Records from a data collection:
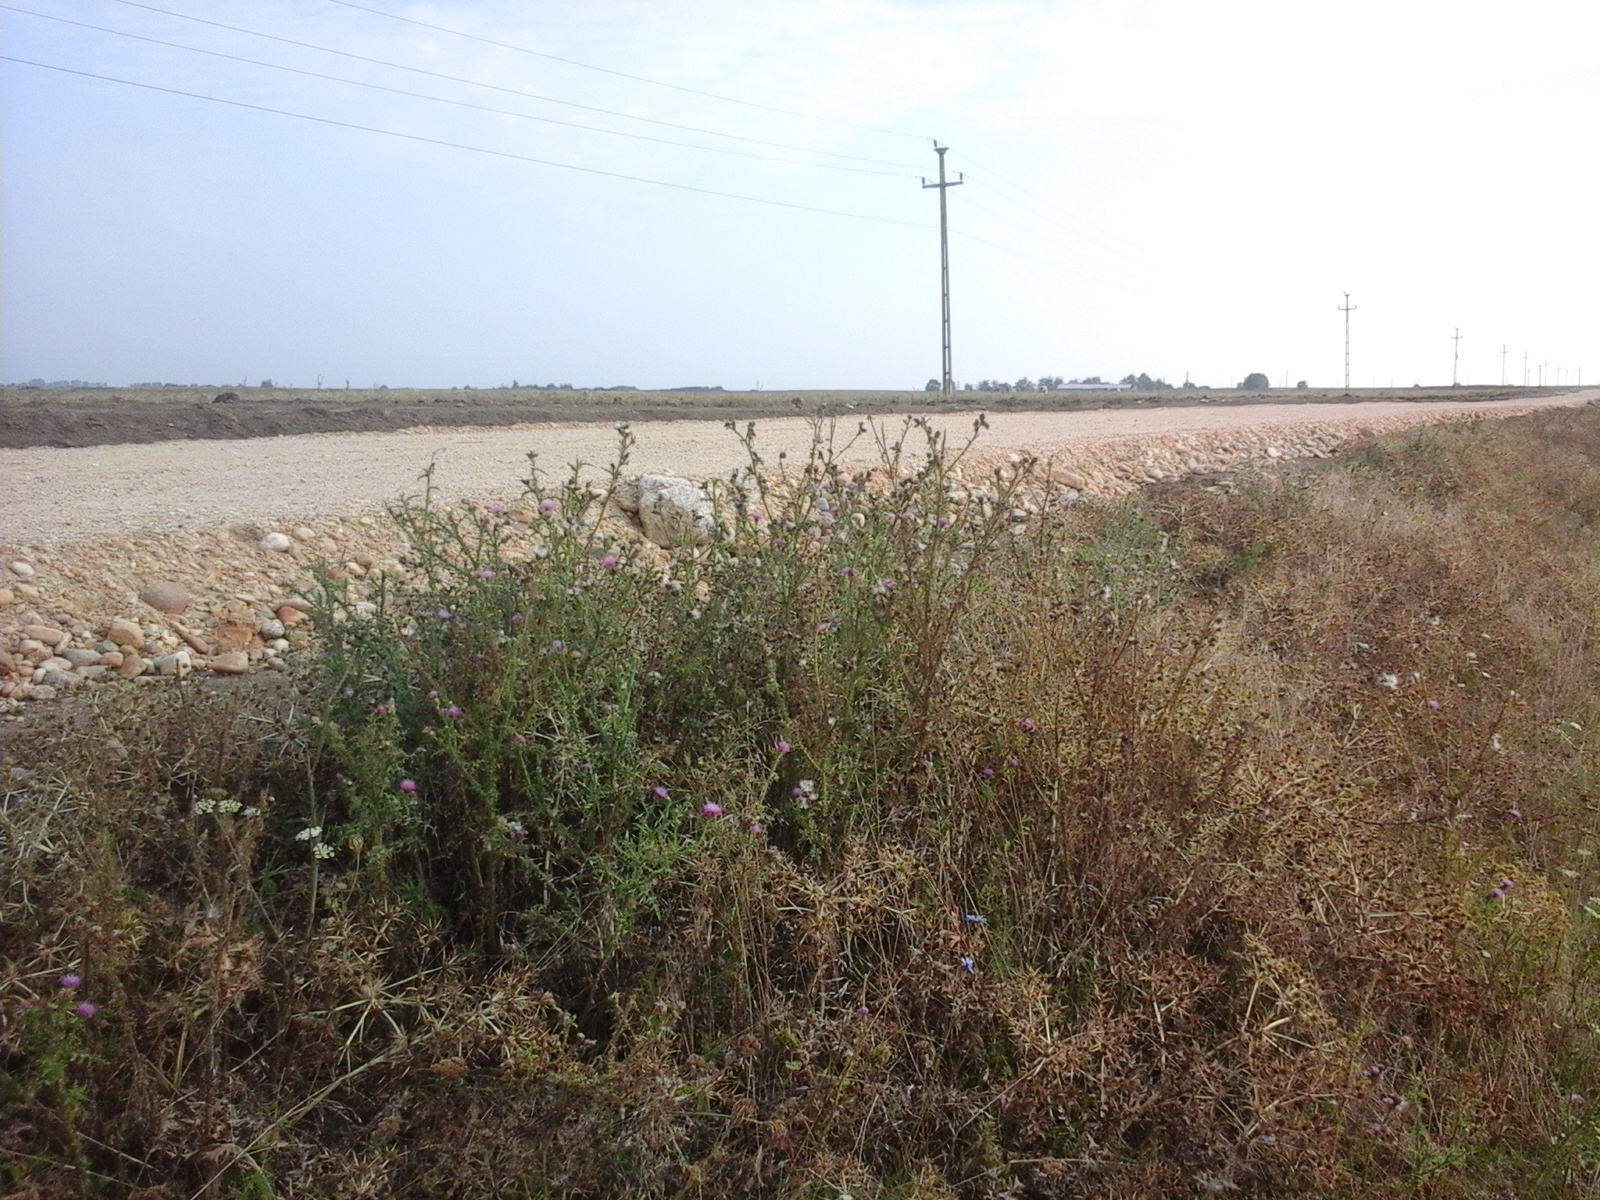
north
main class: Grassland
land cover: Grassland without tree/shrub cover
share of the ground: > 75 %
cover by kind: herbaceous plants 100 %
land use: Agriculture (excluding fallow land and kitchen gardens)
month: August
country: RO
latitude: 46.7067
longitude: 21.5365

EXERCISE OBJECTIVE:
Could you restate every record above word for word, leaving the pictures out?

THE ANSWER:
north
main class: Grassland
land cover: Grassland without tree/shrub cover
share of the ground: > 75 %
cover by kind: herbaceous plants 100 %
land use: Agriculture (excluding fallow land and kitchen gardens)
month: August
country: RO
latitude: 46.7067
longitude: 21.5365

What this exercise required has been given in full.